◆ What needs to be done
Among the entries below, retype exactly the lines starting with the one with "१९३५सालच्या" and going on through the one with "မာတုဂါမရဲ့ ထွက်ဆိုချက်နဲ့ အညီ", but not the pictures.

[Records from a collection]
*** Block opens ***

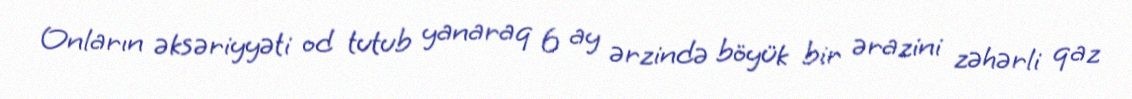
Onların əksəriyyəti od tutub yanaraq 6 ay ərzində böyük bir ərazini zəhərli qaz
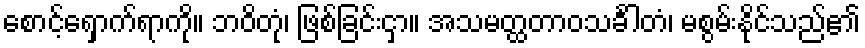
စောင့်ရှောက်ရာကို။ ဘဝိတုံ၊ ဖြစ်ခြင်းငှာ။ အသမတ္ထတာဝသင်္ခါတံ၊ မစွမ်းနိုင်သည်၏
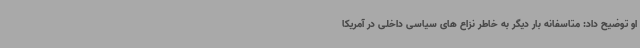
او توضیح داد: متاسفانه بار دیگر به خاطر نزاع های سیاسی داخلی در آمریکا
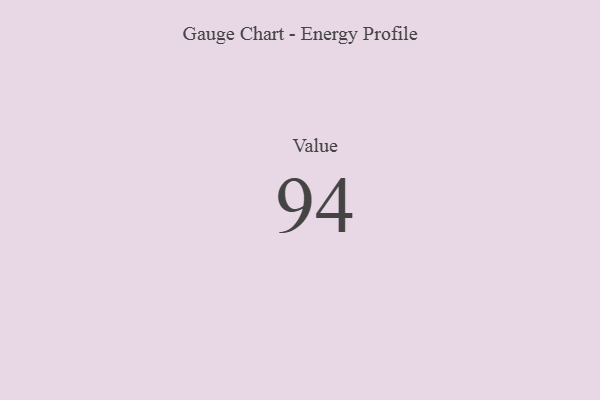
{"axis": {"x": "Metric", "y": "Value"}, "legend": [""], "data": [{"x": "Value", "y": 94, "type": ""}]}
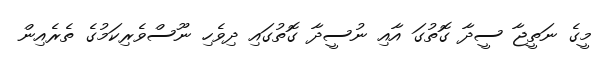
މީގެ ނަތީޖާ ސީދާ ގޮތުގަ އާއި ނުސީދާ ގޮތުގައި ދިވެހި ނޫސްވެރިކަމުގެ ތެރެއިން
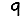
Digit: 9
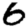
Digit: 8
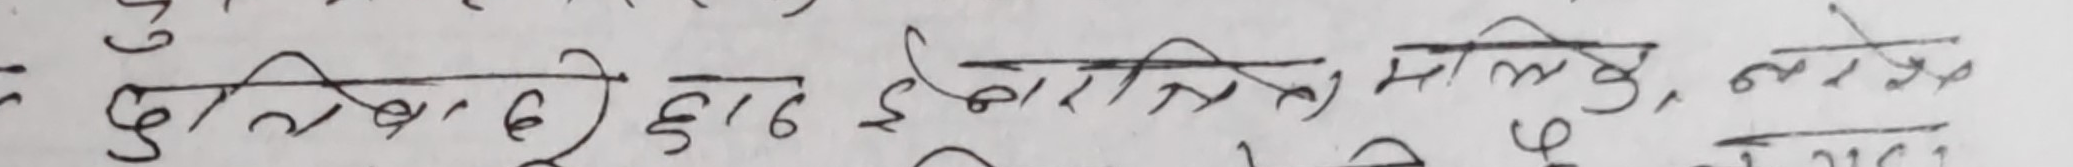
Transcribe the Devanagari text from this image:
पुल्कित छाड इच्छाशक्तिमा मिलिरहेछ लागेको
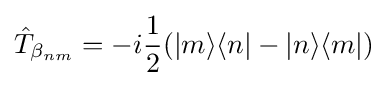
{\hat {T}}_{\beta _{nm}}=-i{\frac {1}{2}}(|m\rangle \langle n|-|n\rangle \langle m|)
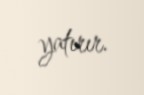
yatırır.
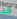
قد
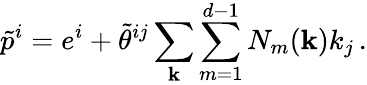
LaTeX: \tilde{p}^{i}=e^{i}+\tilde{\theta}^{ij}\sum_{\mathbf k}\sum_{m=1}^{d-1}N_{m}({\mathbf k})k_{j}\, .
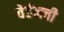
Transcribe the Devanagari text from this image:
वेर्डनची
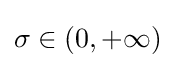
\sigma \in (0,+\infty )
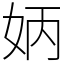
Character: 𡛦
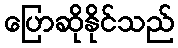
ပြောဆိုနိုင်သည်
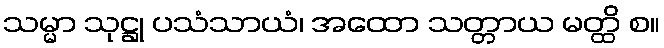
သမ္မာ သုဋ္ဌု ပသံသာယံ၊ အထော သတ္တာယ မတ္ထိ စ။
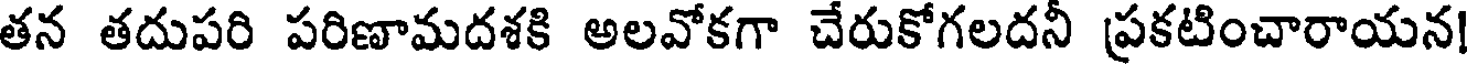
తన తదుపరి పరిణామదశకి అలవోకగా చేరుకోగలదనీ ప్రకటించారాయన
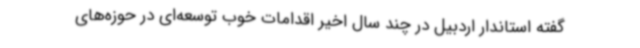
گفته استاندار اردبیل در چند سال اخیر اقدامات خوب توسعه‌ای در حوزه‌های
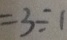
= 3 \div 1
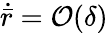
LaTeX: \dot{\bar{r}}=\mathcal{O}(\delta)
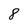
Character: 8
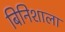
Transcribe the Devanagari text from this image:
बिनिशाला
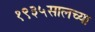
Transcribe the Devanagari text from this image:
१९३५सालच्या
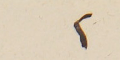
٢
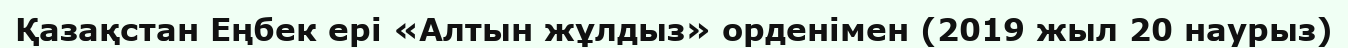
Қазақстан Еңбек ері «Алтын жұлдыз» орденімен (2019 жыл 20 наурыз)
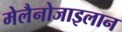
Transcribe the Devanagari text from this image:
मेलैनोजाइलान
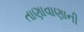
તાણાવાણાની
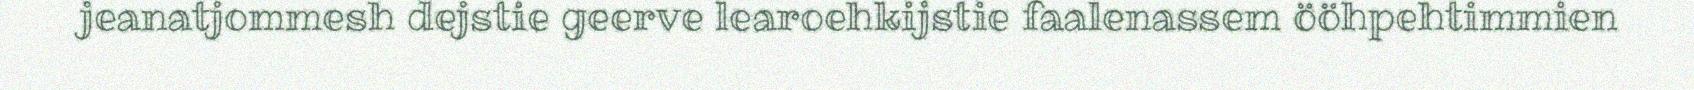
jeanatjommesh dejstie geerve learoehkijstie faalenassem ööhpehtimmien
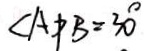
\angle A P B = 3 0 ^ { \circ }
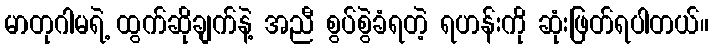
မာတုဂါမရဲ့ ထွက်ဆိုချက်နဲ့ အညီ စွပ်စွဲခံရတဲ့ ရဟန်းကို ဆုံးဖြတ်ရပါတယ်။
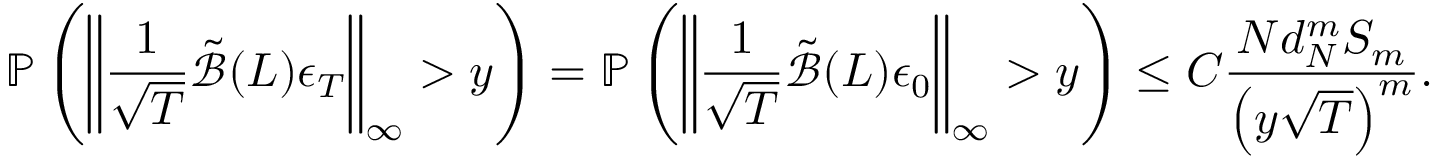
\mathbb { P } \left( \left\lVert \frac { 1 } { \sqrt { T } } \tilde { \mathcal { B } } ( L ) \boldsymbol { \epsilon } _ { T } \right\rVert _ { \infty } > y \right) = \mathbb { P } \left( \left\lVert \frac { 1 } { \sqrt { T } } \tilde { \mathcal { B } } ( L ) \boldsymbol { \epsilon } _ { 0 } \right\rVert _ { \infty } > y \right) \leq C \frac { N d _ { N } ^ { m } S _ { m } } { \left( y \sqrt { T } \right) ^ { m } } .
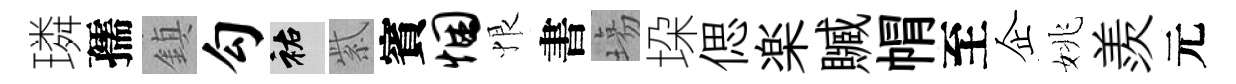
璘孺鎮勾祐紫賓悃恨書塲垜偲楽贓㡌至企姚羨元
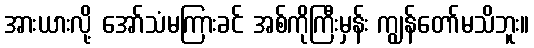
အားယားလို့ အော်သံမကြားခင် အစ်ကိုကြီးမှန်း ကျွန်တော်မသိဘူး။
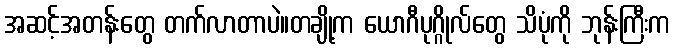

*** Block closes ***

◆ Result of the exercise
१९३५सालच्या
٢
Қазақстан Еңбек ері «Алтын жұлдыз» орденімен (2019 жыл 20 наурыз)
Transcribe the Devanagari text from this image:
मेलैनोजाइलान
તાણાવાણાની
jeanatjommesh dejstie geerve learoehkijstie faalenassem ööhpehtimmien
\angle A P B = 3 0 ^ { \circ }
မာတုဂါမရဲ့ ထွက်ဆိုချက်နဲ့ အညီ စွပ်စွဲခံရတဲ့ ရဟန်းကို ဆုံးဖြတ်ရပါတယ်။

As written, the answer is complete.